In the present work, an inductively coupled plasma atomic emission spectrometry (ICP-AES) system was used as a high temperature liquid chromatography (HTLC) detector for the determination of alcohols and metals in beverages. For the sake of comparison, a refractive index (RI) detector was also employed for the first time to detect alcohols with HTLC. The organic compounds studied were methanol, ethanol, propan-1-ol and butan-1-ol (in the 10-125 mg/L concentration range) and the elements tested were magnesium, aluminum, copper, manganese and barium at concentrations included between roughly 0.01 and 80 mg/L. Column heating temperatures ranged from 80 to 175 °C and the optimum ones in terms of peak resolution, sensitivity and column lifetime were 125 and 100 °C for the HTLC-RI and HTLC-ICP-AES couplings, respectively. The HTLC-ICP-AES interface design (i.e., spray chamber design and nebulizer type used) was studied and it was found that a single pass spray chamber provided about 2 times higher sensitivities than a cyclonic conventional design.

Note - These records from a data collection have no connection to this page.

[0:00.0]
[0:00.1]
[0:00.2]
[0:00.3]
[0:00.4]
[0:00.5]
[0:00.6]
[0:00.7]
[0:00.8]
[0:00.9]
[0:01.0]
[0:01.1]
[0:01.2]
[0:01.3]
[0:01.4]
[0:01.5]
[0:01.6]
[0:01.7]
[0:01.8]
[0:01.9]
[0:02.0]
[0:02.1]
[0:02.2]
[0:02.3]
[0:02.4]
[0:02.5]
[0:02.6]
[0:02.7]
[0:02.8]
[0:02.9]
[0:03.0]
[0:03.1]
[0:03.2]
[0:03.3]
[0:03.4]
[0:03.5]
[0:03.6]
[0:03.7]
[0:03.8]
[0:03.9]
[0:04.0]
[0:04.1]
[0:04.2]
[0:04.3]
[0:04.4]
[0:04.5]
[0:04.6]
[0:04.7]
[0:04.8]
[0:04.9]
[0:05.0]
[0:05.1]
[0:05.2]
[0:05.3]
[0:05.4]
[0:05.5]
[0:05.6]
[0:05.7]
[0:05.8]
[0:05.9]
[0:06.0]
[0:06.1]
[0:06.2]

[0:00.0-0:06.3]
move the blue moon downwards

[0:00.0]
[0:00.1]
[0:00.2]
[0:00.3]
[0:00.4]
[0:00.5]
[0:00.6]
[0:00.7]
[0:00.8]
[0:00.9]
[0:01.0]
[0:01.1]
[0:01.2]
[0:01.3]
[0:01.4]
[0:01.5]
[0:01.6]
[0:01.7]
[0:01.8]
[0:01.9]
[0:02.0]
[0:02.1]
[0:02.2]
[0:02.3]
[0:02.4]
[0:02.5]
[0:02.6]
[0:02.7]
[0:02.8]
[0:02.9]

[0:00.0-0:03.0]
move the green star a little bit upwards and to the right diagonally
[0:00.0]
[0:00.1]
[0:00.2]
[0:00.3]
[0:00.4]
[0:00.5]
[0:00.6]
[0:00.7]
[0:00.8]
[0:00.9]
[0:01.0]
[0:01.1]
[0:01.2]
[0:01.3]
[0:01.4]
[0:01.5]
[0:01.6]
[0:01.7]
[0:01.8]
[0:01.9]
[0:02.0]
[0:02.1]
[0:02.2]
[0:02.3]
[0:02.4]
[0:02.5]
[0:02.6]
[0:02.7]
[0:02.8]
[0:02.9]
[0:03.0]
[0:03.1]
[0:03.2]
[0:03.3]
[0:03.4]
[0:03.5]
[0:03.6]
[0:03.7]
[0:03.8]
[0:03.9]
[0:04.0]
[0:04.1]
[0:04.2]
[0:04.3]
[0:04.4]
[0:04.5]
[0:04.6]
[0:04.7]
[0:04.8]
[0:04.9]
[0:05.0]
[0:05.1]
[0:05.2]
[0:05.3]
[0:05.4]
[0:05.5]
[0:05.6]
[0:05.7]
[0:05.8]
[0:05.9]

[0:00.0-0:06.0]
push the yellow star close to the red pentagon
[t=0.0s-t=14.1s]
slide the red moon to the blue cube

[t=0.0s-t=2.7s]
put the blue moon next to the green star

Comparatively speaking, limits of detection for alcohols were of the same order for the two evaluated detection systems (from 5 to 25 mg/L). In contrast, unlike RI, ICP-AES provided information about the content of both organic and inorganic species. Furthermore, temperature programming was applied to shorten the analysis time and it was verified that ICP-AES was less sensitive to temperature changes and modifications in the analyte chemical nature than the RI detector. Both detectors were successfully applied to the determination of short chain alcohols in several beverages such as muscatel, pacharan, punch, vermouth and two different brands of whiskeys (from 10 to 40 g of ethanol/100 g of sample). The results of the inorganic elements studied by HTLC-ICP-AES were compared with those obtained using inductively coupled plasma mass spectrometry (ICP-MS) obtaining good agreement between them. Recoveries found for spiked samples were close to 100% for both, inorganic elements (with both HLTC-ICP-AES and ICP-MS) and alcohols (with both HTLC-ICP-AES and HTLC-RI hyphenations).